The apparent dominant model of colorectal cancer (CRC) inheritance in several large families, without mutations in known CRC susceptibility genes, suggests the presence of so far unidentified genes with strong or moderate effect on the development of CRC. Linkage analysis could lead to identification of susceptibility genes in such families. In comparison to classical linkage analysis with multi-allelic markers, single nucleotide polymorphism (SNP) arrays have increased information content and can be processed with higher throughput. Therefore, SNP arrays can be excellent tools for linkage analysis. However, the vast number of SNPs on the SNP arrays, combined with large informative pedigrees (e.g. >35–40 bits), presents us with a computational complexity that is challenging for existing statistical packages or even exceeds their capacity. We therefore setup a procedure for linkage analysis in large pedigrees and validated the method by genotyping using SNP arrays of a colorectal cancer family with a known MLH1 germ line mutation.
Quality control of the genotype data was performed in Alohomora, Mega2 and SimWalk2, with removal of uninformative SNPs, Mendelian inconsistencies and Mendelian consistent errors, respectively. Linkage disequilibrium was measured by SNPLINK and Merlin. Parametric linkage analysis using two flanking markers was performed using MENDEL. For multipoint parametric linkage analysis and haplotype analysis, SimWalk2 was used.

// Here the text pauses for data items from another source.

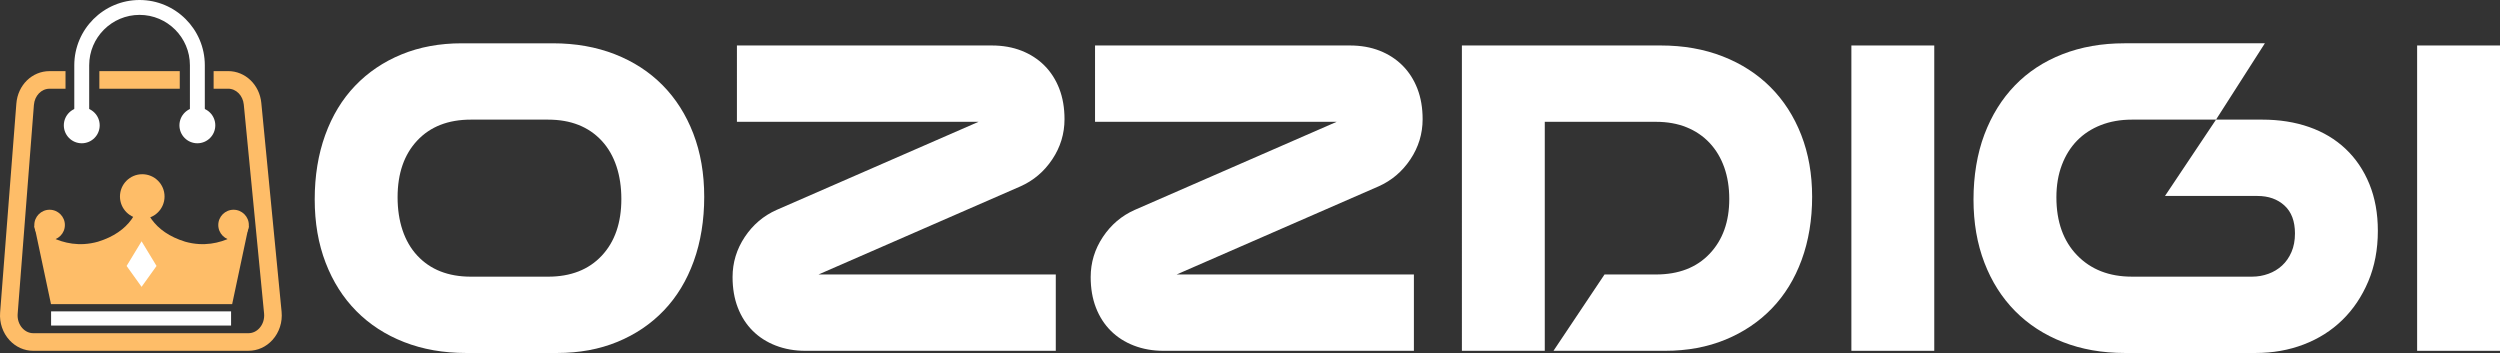 <?xml version="1.0" encoding="UTF-8"?>
<svg id="Layer_2" data-name="Layer 2" xmlns="http://www.w3.org/2000/svg" width="2553.52" height="360.55" viewBox="0 0 2553.52 360.55">
  <rect x="0" y="0" width="2553.52" height="360.55" fill="#333333" stroke="none"/>
  <defs>
    <style>
      .cls-1 {
        fill: #fff;
      }

      .cls-2 {
        fill: #febd68;
      }
    </style>
  </defs>
  <g id="Layer_1-2" data-name="Layer 1">
    <g>
      <g>
        <path class="cls-2" d="m253.76,358.32H34.03c-9.22,0-17.84-3.83-24.27-10.79-6.94-7.5-10.46-17.83-9.64-28.33L16.7,105.82c1.47-18.91,16.05-33.17,33.92-33.17h16.3v17.98h-16.3c-8.38,0-15.26,7.13-15.99,16.58l-16.59,213.37c-.43,5.53,1.37,10.9,4.92,14.73,3,3.24,6.93,5.02,11.08,5.02h219.73c4.21,0,8.18-1.83,11.19-5.15,3.57-3.94,5.31-9.41,4.77-15.01l-20.73-213.37c-.9-9.23-7.76-16.19-15.96-16.19h-14.85v-17.98h14.85c17.5,0,32.05,13.94,33.85,32.42l20.73,213.38c1.03,10.64-2.38,21.14-9.35,28.82-6.46,7.12-15.17,11.04-24.51,11.04ZM183.61,90.63h-82.13v-17.98h82.13v17.98Z"/>
        <path class="cls-1" d="m201.59,139.88c-4.2,0-7.61-3.41-7.61-7.61v-65.63c0-28.36-23.07-51.44-51.44-51.44s-51.44,23.07-51.44,51.44v65.51c0,4.2-3.41,7.61-7.61,7.61s-7.61-3.41-7.61-7.61v-65.51C75.9,29.9,105.8,0,142.55,0s66.65,29.9,66.65,66.65v65.63c0,4.2-3.41,7.61-7.61,7.61Z"/>
        <circle class="cls-1" cx="83.51" cy="128.02" r="18.32"/>
        <circle class="cls-1" cx="201.59" cy="128.02" r="18.32"/>
        <path class="cls-2" d="m237.14,310.61l17.03-80.26s-26.94,27.3-65.02,16.52c-32.69-10.06-43.46-32.33-44.54-53.52-1.08,21.19-11.85,43.46-44.54,53.52-38.08,10.78-65.02-16.52-65.02-16.52l17.03,80.26h185.06Z"/>
        <g>
          <g>
            <circle class="cls-2" cx="50.66" cy="229.84" r="15.61"/>
            <circle class="cls-2" cx="238.56" cy="229.84" r="15.61"/>
          </g>
          <circle class="cls-2" cx="145.3" cy="200.72" r="22.77"/>
          <polygon class="cls-1" points="144.61 246.46 129.32 271.65 144.61 292.98 159.9 271.65 144.61 246.46"/>
        </g>
      </g>
      <rect class="cls-1" x="52.18" y="318.03" width="183.84" height="14.49"/>
    </g>
    <g>
      <path class="cls-1" d="m321.45,203.72c0-24.06,3.56-45.96,10.69-65.71,7.13-19.75,17.3-36.53,30.52-50.34,13.21-13.81,29.03-24.5,47.45-32.08,18.41-7.57,38.91-11.36,61.48-11.36h93.12c23.17,0,44.25,3.72,63.26,11.14,19,7.43,35.27,17.97,48.78,31.63,13.51,13.67,23.98,30.15,31.41,49.45,7.42,19.31,11.14,40.84,11.14,64.6s-3.56,45.97-10.69,65.71c-7.13,19.76-17.31,36.53-30.52,50.34-13.22,13.81-29.04,24.5-47.45,32.08-18.42,7.57-38.91,11.36-61.48,11.36h-93.11c-23.17,0-44.26-3.71-63.26-11.14-19.01-7.42-35.27-17.97-48.79-31.63-13.52-13.66-23.99-30.14-31.41-49.45-7.43-19.3-11.14-40.83-11.14-64.6Zm159.5-81.53c-23.17,0-41.43,7.13-54.8,21.39s-20.05,33.57-20.05,57.92,6.68,45.08,20.05,59.48c13.37,14.41,31.63,21.61,54.8,21.61h78.86c23.17,0,41.43-7.13,54.8-21.39,13.37-14.26,20.05-33.56,20.05-57.92s-6.68-45.07-20.05-59.48c-13.37-14.4-31.63-21.61-54.8-21.61h-78.86Z"/>
      <path class="cls-1" d="m836.02,280.35h242.37v77.97h-255.73c-10.99,0-21.09-1.78-30.3-5.35-9.21-3.56-17.08-8.61-23.61-15.15-6.54-6.53-11.58-14.4-15.15-23.61-3.56-9.2-5.35-19.6-5.35-31.19,0-14.85,4.16-28.51,12.47-40.99,8.31-12.47,19.16-21.68,32.52-27.62l206.28-90h-246.82V46.45h260.19c11.28,0,21.45,1.78,30.52,5.35,9.06,3.56,16.85,8.62,23.39,15.15,6.53,6.54,11.58,14.41,15.15,23.61,3.56,9.21,5.35,19.6,5.35,31.19,0,14.86-4.16,28.51-12.48,40.99-8.32,12.47-19.16,21.68-32.52,27.62l-206.28,90Z"/>
      <path class="cls-1" d="m1201.8,280.35h242.37v77.97h-255.73c-10.99,0-21.09-1.78-30.3-5.35-9.21-3.56-17.08-8.61-23.61-15.15-6.54-6.53-11.58-14.4-15.15-23.61-3.56-9.2-5.35-19.6-5.35-31.19,0-14.85,4.16-28.51,12.47-40.99,8.31-12.47,19.16-21.68,32.52-27.62l206.28-90h-246.82V46.45h260.19c11.28,0,21.45,1.78,30.52,5.35,9.06,3.56,16.85,8.62,23.39,15.15,6.53,6.54,11.58,14.41,15.15,23.61,3.56,9.21,5.35,19.6,5.35,31.19,0,14.86-4.16,28.51-12.48,40.99-8.32,12.47-19.16,21.68-32.52,27.62l-206.28,90Z"/>
      <path class="cls-1" d="m1493.17,46.45h203.16c23.17,0,44.25,3.72,63.26,11.14,19,7.43,35.27,17.9,48.79,31.41,13.51,13.52,23.98,29.78,31.41,48.79,7.42,19.01,11.14,40.1,11.14,63.26s-3.56,44.93-10.69,64.38c-7.13,19.46-17.31,36.02-30.52,49.68-13.22,13.67-29.04,24.28-47.45,31.85-18.42,7.57-38.91,11.36-61.48,11.36h-114.05l52.13-77.97h52.57c23.17,0,41.43-7.05,54.8-21.16,13.37-14.1,20.05-32.75,20.05-55.91,0-11.88-1.71-22.65-5.12-32.3-3.42-9.65-8.39-17.97-14.92-24.95-6.54-6.98-14.41-12.32-23.61-16.04-9.21-3.71-19.6-5.57-31.19-5.57h-113.61v233.9h-84.65V46.45Z"/>
      <path class="cls-1" d="m1891.02,46.45h84.65v311.87h-84.65V46.45Z"/>
      <path class="cls-1" d="m2177.49,122.19c-11.58,0-22.13,1.86-31.63,5.57-9.51,3.72-17.6,8.99-24.28,15.82-6.68,6.84-11.88,15.15-15.59,24.95-3.72,9.8-5.57,20.79-5.57,32.97,0,24.95,7.05,44.71,21.16,59.25,14.1,14.56,32.75,21.83,55.91,21.83h122.96c5.64,0,11.14-.96,16.48-2.9,5.35-1.93,10.02-4.75,14.03-8.46,4.01-3.71,7.2-8.31,9.58-13.81,2.37-5.49,3.56-11.81,3.56-18.94,0-12.47-3.56-21.98-10.69-28.51-7.13-6.53-16.34-9.8-27.62-9.8h-94.45l52.13-77.97h47.23c17.52,0,33.48,2.53,47.89,7.57,14.4,5.05,26.8,12.47,37.2,22.28,10.39,9.8,18.49,21.76,24.28,35.86,5.79,14.11,8.69,30.07,8.69,47.89,0,19.01-3.27,36.24-9.8,51.68-6.54,15.45-15.37,28.59-26.51,39.43-11.14,10.85-24.28,19.16-39.43,24.95-15.15,5.79-31.49,8.69-49.01,8.69h-133.66c-23.17,0-44.26-3.71-63.26-11.14-19.01-7.42-35.27-17.97-48.79-31.63-13.52-13.66-23.99-30.14-31.41-49.45-7.43-19.3-11.14-40.83-11.14-64.6s3.71-46.78,11.14-66.38c7.42-19.6,17.82-36.31,31.19-50.12,13.37-13.81,29.55-24.43,48.56-31.85,19-7.42,40.1-11.14,63.26-11.14h143.46l-49.9,77.97h-85.99Z"/>
      <path class="cls-1" d="m2468.87,46.45h84.65v311.87h-84.65V46.45Z"/>
    </g>
  </g>
</svg>

On chromosome 3, in the MLH1-region, a LOD score of 1.9 was found by parametric linkage analysis using two flanking markers. On chromosome 11 a small region with LOD 1.1 was also detected. Upon linkage disequilibrium removal, multipoint linkage analysis yielded a LOD score of 2.1 in the MLH1 region, whereas the LOD score dropped to negative values in the region on chromosome 11. Subsequent haplotype analysis in the MLH1 region perfectly matched the mutation status of the family members.
We developed a workflow for linkage analysis in large families using high-density SNP arrays and validated this workflow in a family with colorectal cancer. Linkage disequilibrium has to be removed when using SNP arrays, because it can falsely inflate the LOD score. Haplotype analysis is adequate and can predict the carrier status of the family members.